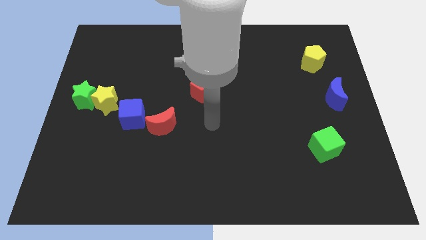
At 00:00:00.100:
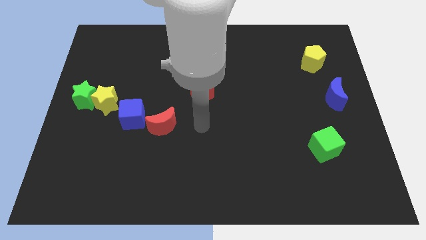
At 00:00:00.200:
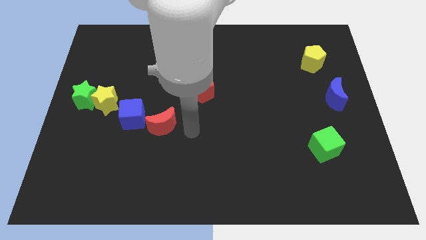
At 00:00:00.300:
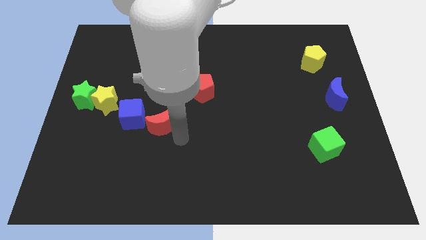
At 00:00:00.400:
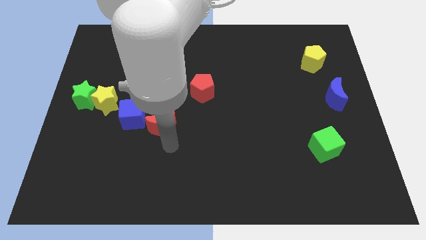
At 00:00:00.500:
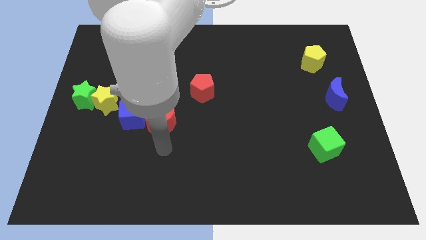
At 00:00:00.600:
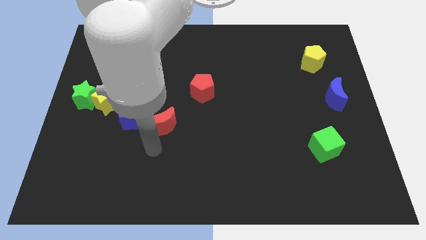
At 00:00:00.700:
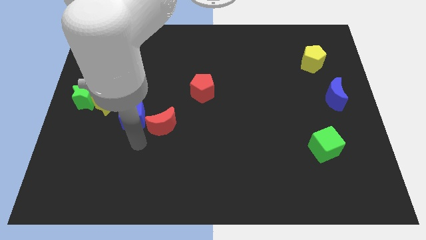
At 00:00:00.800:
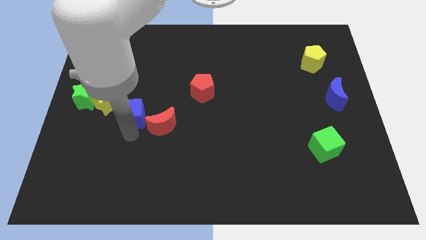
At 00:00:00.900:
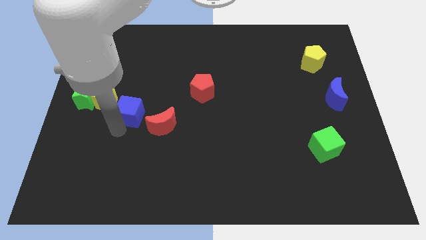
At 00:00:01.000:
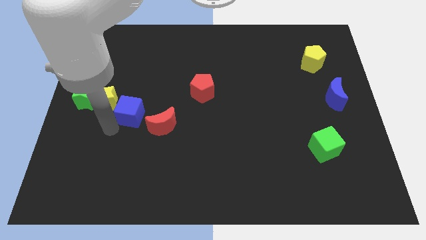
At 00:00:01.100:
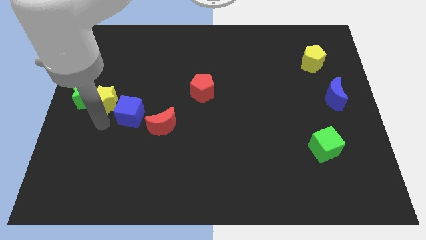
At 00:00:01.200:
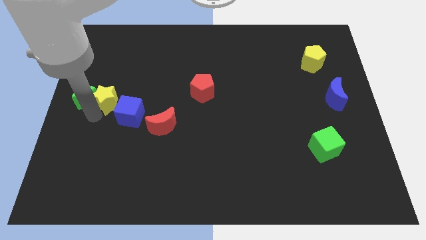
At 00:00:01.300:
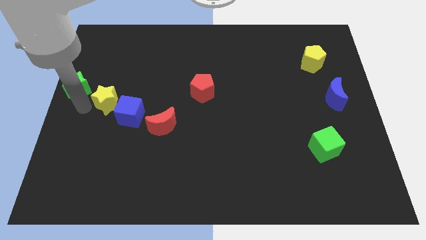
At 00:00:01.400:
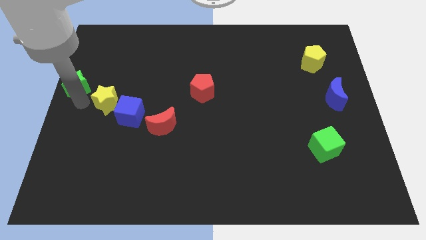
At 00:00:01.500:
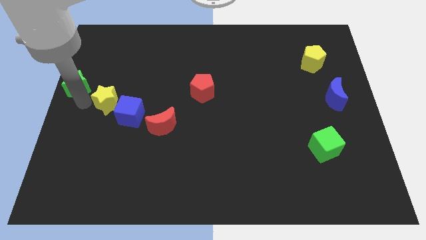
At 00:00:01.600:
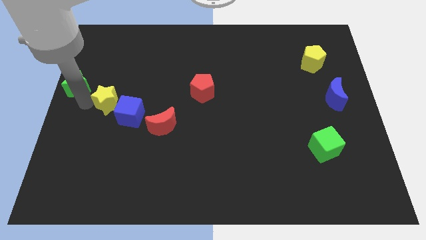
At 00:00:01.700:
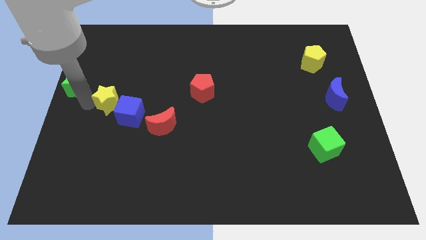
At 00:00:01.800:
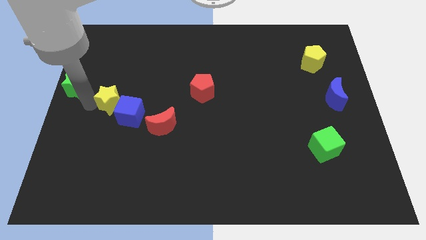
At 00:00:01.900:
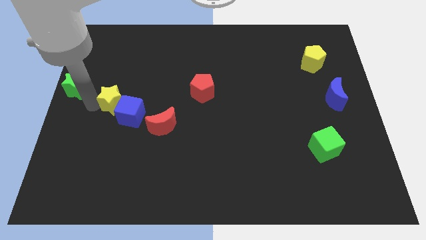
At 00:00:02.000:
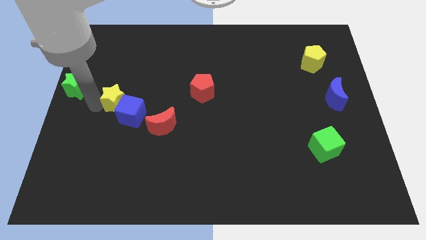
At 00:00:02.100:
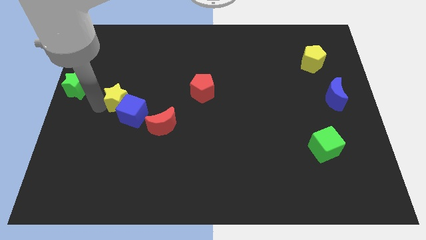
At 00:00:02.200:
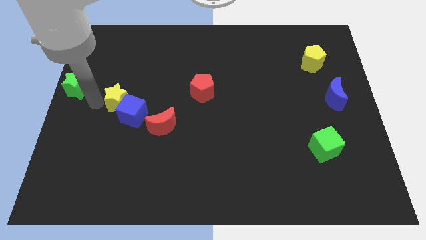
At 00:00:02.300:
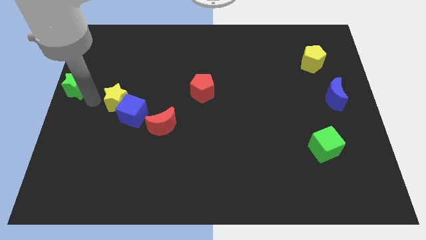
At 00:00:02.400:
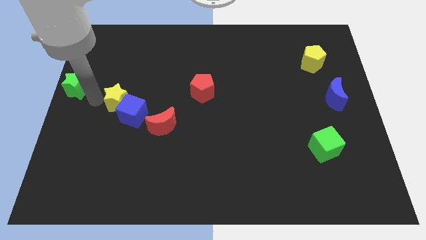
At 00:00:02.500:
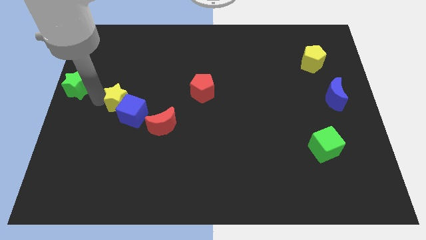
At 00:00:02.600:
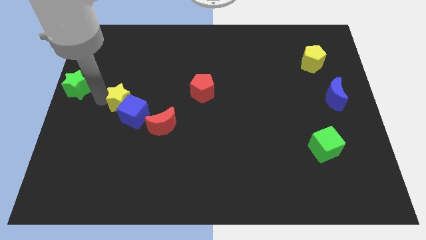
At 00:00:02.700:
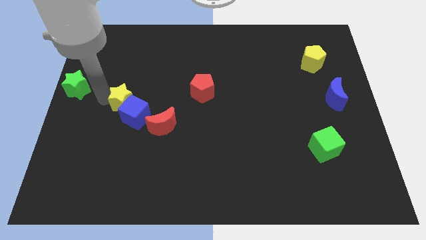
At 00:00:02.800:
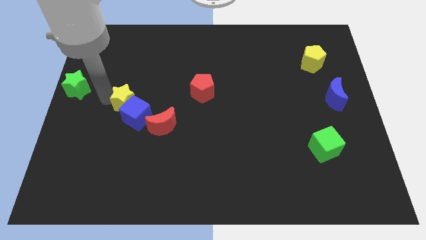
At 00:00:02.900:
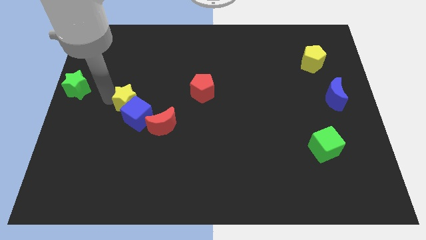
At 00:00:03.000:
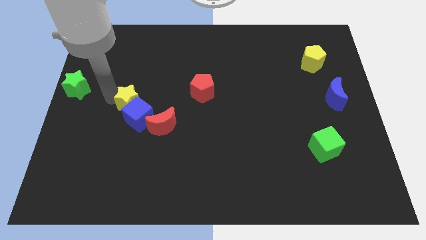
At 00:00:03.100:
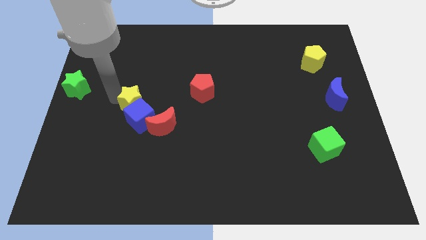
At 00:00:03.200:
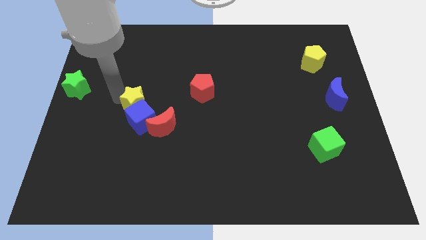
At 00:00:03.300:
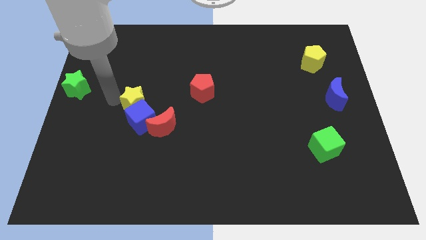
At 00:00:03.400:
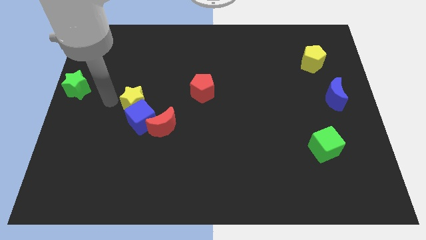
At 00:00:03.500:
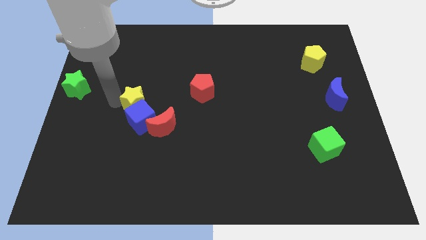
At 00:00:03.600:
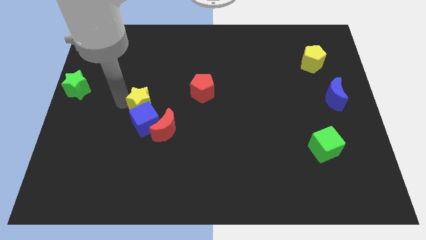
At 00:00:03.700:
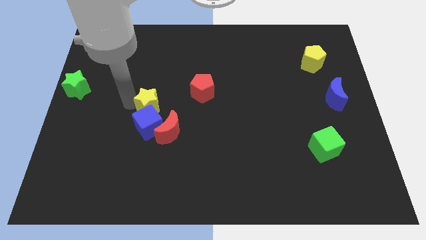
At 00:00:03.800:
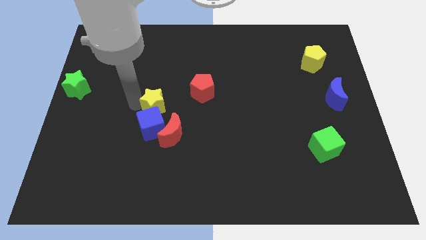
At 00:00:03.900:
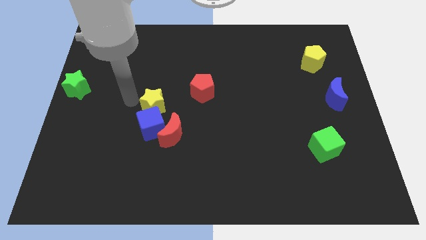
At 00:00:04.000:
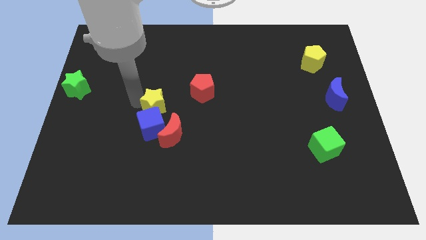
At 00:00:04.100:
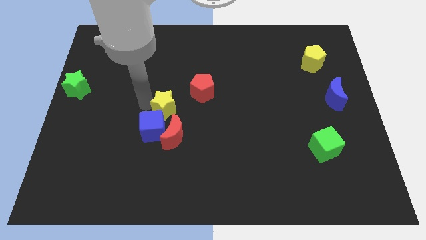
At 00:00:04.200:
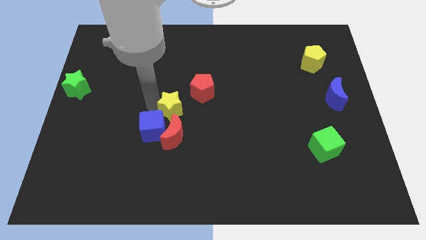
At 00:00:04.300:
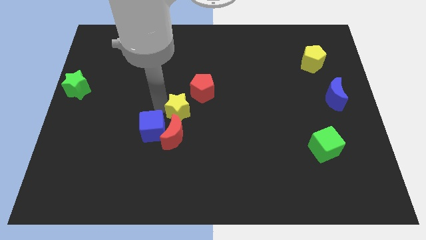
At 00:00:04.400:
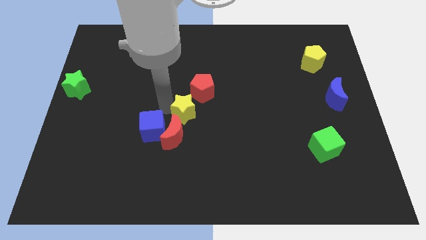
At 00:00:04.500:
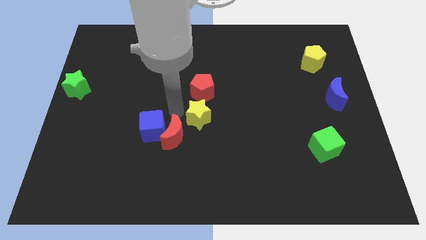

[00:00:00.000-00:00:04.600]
slide the yellow star right

◆ **PROBLEM STATEMENT**:
Could the entries above be restated word for word, with the pictures left out?

◆ **RESPONSE**:
At 00:00:00.100:
At 00:00:00.200:
At 00:00:00.300:
At 00:00:00.400:
At 00:00:00.500:
At 00:00:00.600:
At 00:00:00.700:
At 00:00:00.800:
At 00:00:00.900:
At 00:00:01.000:
At 00:00:01.100:
At 00:00:01.200:
At 00:00:01.300:
At 00:00:01.400:
At 00:00:01.500:
At 00:00:01.600:
At 00:00:01.700:
At 00:00:01.800:
At 00:00:01.900:
At 00:00:02.000:
At 00:00:02.100:
At 00:00:02.200:
At 00:00:02.300:
At 00:00:02.400:
At 00:00:02.500:
At 00:00:02.600:
At 00:00:02.700:
At 00:00:02.800:
At 00:00:02.900:
At 00:00:03.000:
At 00:00:03.100:
At 00:00:03.200:
At 00:00:03.300:
At 00:00:03.400:
At 00:00:03.500:
At 00:00:03.600:
At 00:00:03.700:
At 00:00:03.800:
At 00:00:03.900:
At 00:00:04.000:
At 00:00:04.100:
At 00:00:04.200:
At 00:00:04.300:
At 00:00:04.400:
At 00:00:04.500:

[00:00:00.000-00:00:04.600]
slide the yellow star right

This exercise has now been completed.